(Records for this task)
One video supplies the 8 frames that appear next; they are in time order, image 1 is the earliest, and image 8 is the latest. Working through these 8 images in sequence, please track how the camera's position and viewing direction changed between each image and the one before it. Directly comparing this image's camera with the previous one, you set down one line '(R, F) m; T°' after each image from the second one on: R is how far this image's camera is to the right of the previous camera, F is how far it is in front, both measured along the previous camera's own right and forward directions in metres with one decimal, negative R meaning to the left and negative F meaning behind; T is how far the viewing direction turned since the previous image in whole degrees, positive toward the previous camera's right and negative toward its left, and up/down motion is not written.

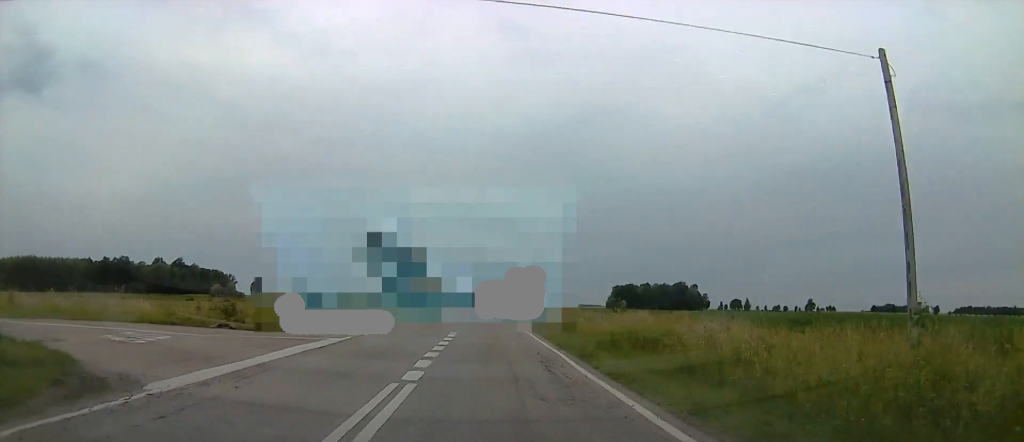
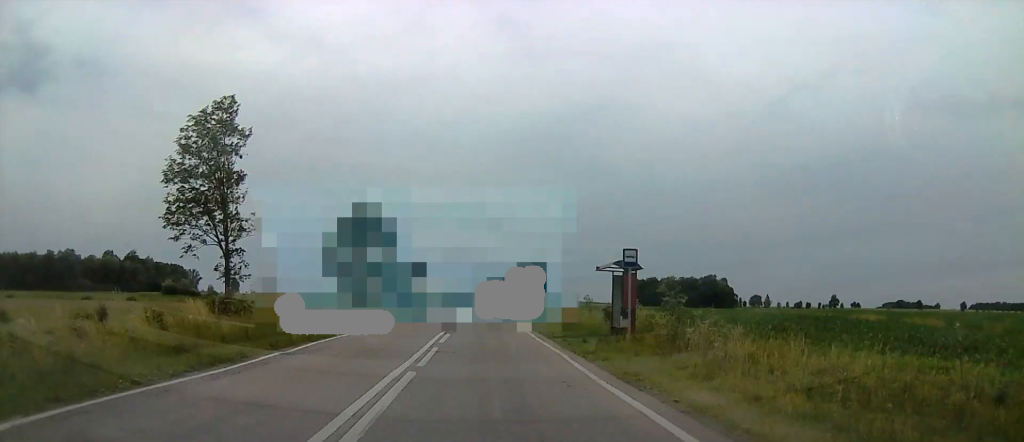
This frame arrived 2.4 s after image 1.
(+2.8, +58.0) m; +4°
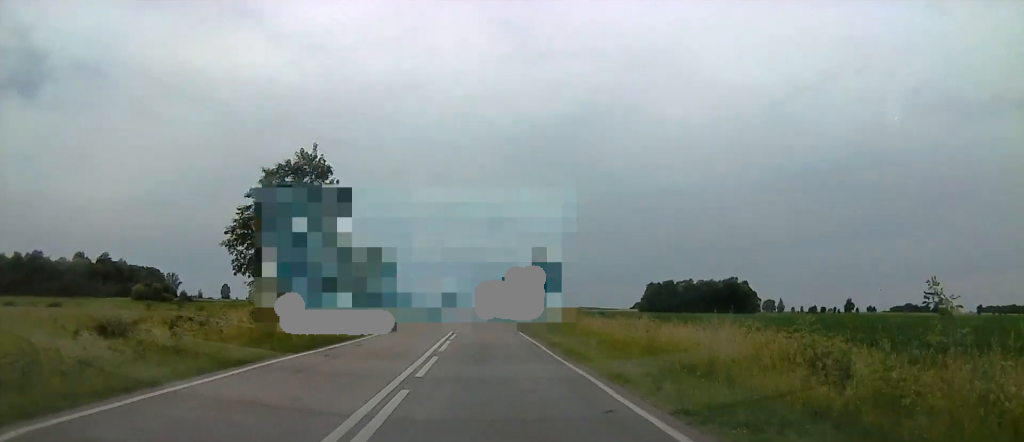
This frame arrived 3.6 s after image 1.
(0.0, +30.7) m; 0°
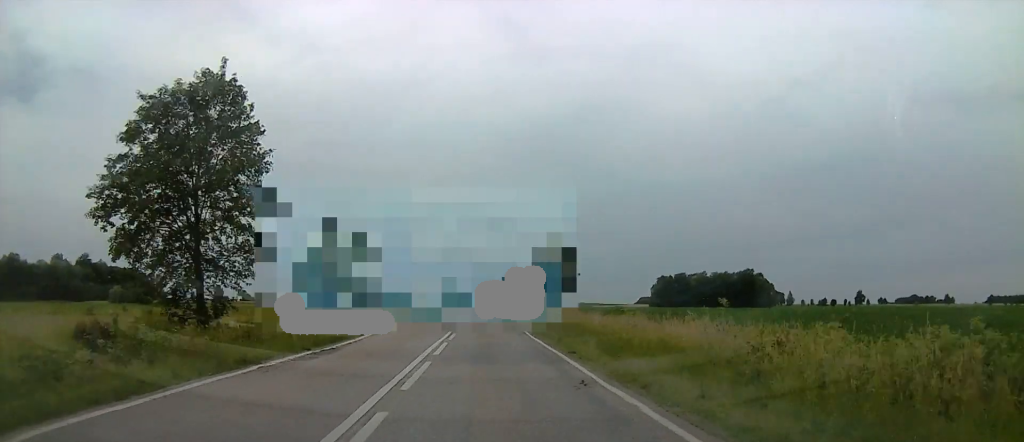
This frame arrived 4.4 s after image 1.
(-0.1, +20.1) m; 0°
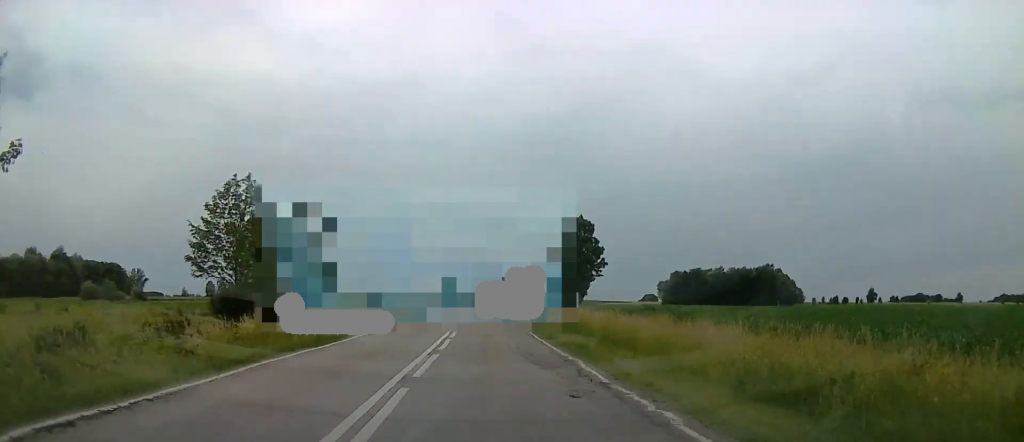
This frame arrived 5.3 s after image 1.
(+0.1, +22.5) m; 0°
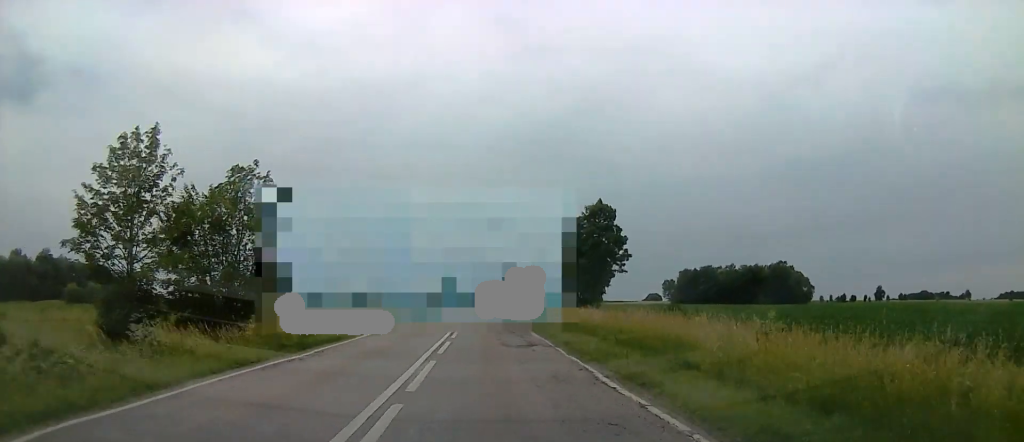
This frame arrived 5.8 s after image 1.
(0.0, +12.4) m; 0°
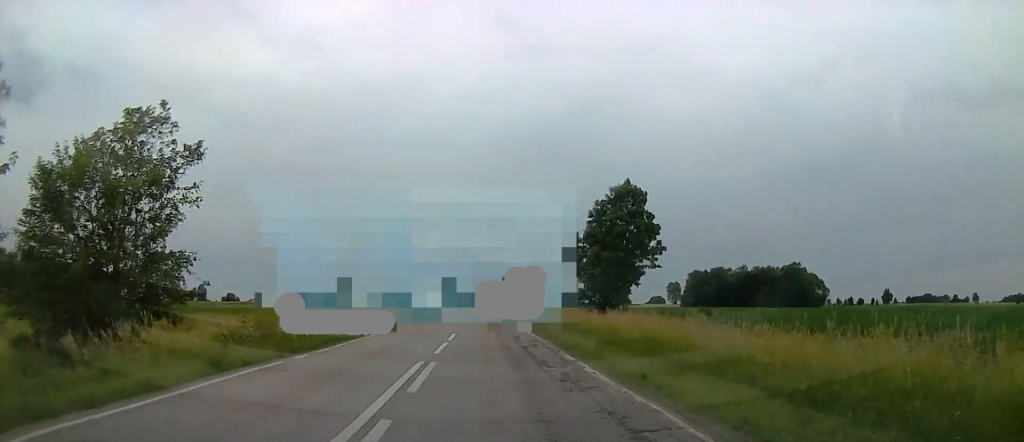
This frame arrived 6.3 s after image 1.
(0.0, +12.4) m; 0°
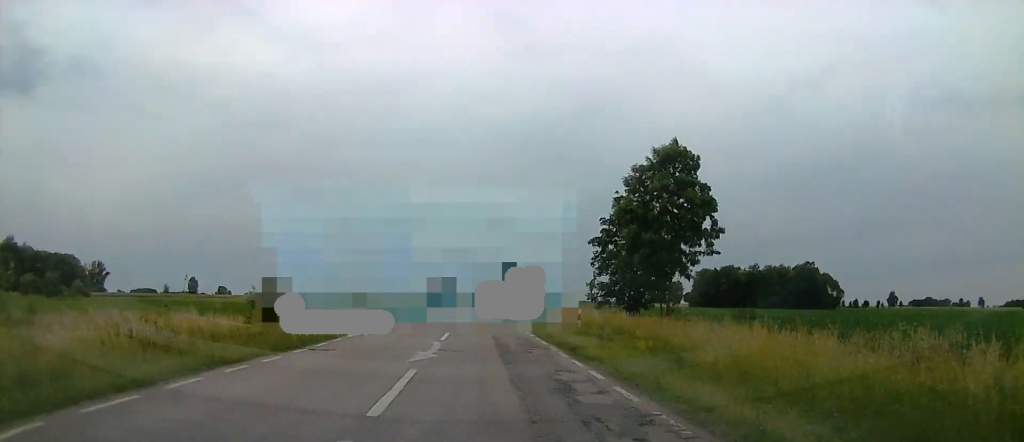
(End Records for this task)
## Exercise brief
The copy you produce must match the entries above exactly, except that it has no pictures.

## Response
One video supplies the 8 frames that appear next; they are in time order, image 1 is the earliest, and image 8 is the latest. Working through these 8 images in sequence, please track how the camera's position and viewing direction changed between each image and the one before it. Directly comparing this image's camera with the previous one, you set down one line '(R, F) m; T°' after each image from the second one on: R is how far this image's camera is to the right of the previous camera, F is how far it is in front, both measured along the previous camera's own right and forward directions in metres with one decimal, negative R meaning to the left and negative F meaning behind; T is how far the viewing direction turned since the previous image in whole degrees, positive toward the previous camera's right and negative toward its left, and up/down motion is not written.

This frame arrived 2.4 s after image 1.
(+2.8, +58.0) m; +4°
This frame arrived 3.6 s after image 1.
(0.0, +30.7) m; 0°
This frame arrived 4.4 s after image 1.
(-0.1, +20.1) m; 0°
This frame arrived 5.3 s after image 1.
(+0.1, +22.5) m; 0°
This frame arrived 5.8 s after image 1.
(0.0, +12.4) m; 0°
This frame arrived 6.3 s after image 1.
(0.0, +12.4) m; 0°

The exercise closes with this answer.